Wednesday, 20 April 2016

I wish I knew then what I know now

I haven't written for a while. This loss had been really tough on us and is combined with tricky times for us both with family and at work.

One thing that I have been really aware of is just how lucky (blessed? I don't like using the word, but maybe it fits) I am to have such a supportive partner. I have seen a lot of ladies in my loss forums saying that they feel like their partners don't understand, that they don't grieve, that they are mean or say hurtful things. Many of these women are experiencing their first loss and I can totally relate to those feelings.

I knew that my husband felt something of our first losses as he was diagnosed with depression shortly after and started taking anti-depressants. What I didn't feel, however, was love, support or understanding. We actually went through a horrible time where I even started thinking that maybe we shouldn't be together anymore.

I can't say for sure what changed. I know I refused to stop talking to him about what I was thinking and feeling, and if his responses were hurtful or he told me he didn't know how to respond, I told him what I needed. I didn't expect him to guess. I also made an effort to actually ask him more often how he was feeling and what he was thinking. At first he didn't really respond, but once he did, my heart just broke for him.

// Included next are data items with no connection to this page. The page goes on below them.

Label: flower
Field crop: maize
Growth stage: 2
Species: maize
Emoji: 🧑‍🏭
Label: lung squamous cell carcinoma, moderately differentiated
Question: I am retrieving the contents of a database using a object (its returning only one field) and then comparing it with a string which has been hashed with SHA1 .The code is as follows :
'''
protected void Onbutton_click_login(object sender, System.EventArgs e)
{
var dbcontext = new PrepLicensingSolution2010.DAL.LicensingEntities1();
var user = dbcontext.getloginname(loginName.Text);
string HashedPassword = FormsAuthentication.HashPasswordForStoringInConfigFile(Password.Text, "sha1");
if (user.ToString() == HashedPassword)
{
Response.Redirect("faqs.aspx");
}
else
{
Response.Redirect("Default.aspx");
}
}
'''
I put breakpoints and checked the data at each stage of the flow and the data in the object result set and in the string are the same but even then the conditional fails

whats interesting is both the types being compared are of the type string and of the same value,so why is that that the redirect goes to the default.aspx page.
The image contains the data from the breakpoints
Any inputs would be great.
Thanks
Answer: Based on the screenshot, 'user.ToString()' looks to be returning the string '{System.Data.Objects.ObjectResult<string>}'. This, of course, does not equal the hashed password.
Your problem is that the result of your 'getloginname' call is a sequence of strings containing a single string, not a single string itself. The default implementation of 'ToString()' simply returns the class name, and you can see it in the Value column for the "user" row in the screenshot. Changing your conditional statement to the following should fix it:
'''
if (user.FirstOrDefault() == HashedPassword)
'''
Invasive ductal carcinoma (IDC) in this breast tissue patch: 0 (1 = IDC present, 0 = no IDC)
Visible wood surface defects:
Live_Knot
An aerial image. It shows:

I realised then that the main reason I hadn't felt loved, supported or understood was that he was doing all he could just to hold himself together. For example, he went straight back to work instead of staying with me because he needed to feel some sense of the world continuing and life going on. Once he admitted this, we were able to fully support each other instead of grieving alone. Now, after our most recent loss, I think we have been fully there for each other and I understand that he feels and expresses his grief in completely different ways to me. I think that is the key for so many of these women I see, they are so wrapped up in their pain (and understandably so) that they say that their partner SHOULD do, say or feel certain things. There is no SHOULD about grief and every person feels every loss differently.

After a conversation last week when someone told me "everything happens for a reason" we were talking about this latest loss. We both admitted, somewhat guiltily, that we were feeling this one a little more. Perhaps because it is still such a new, raw pain, but perhaps because we spent more time with this little one. Did that mean we grieved our other losses any less? I don't think so. They're all different and they all hold a seperate place in our hearts.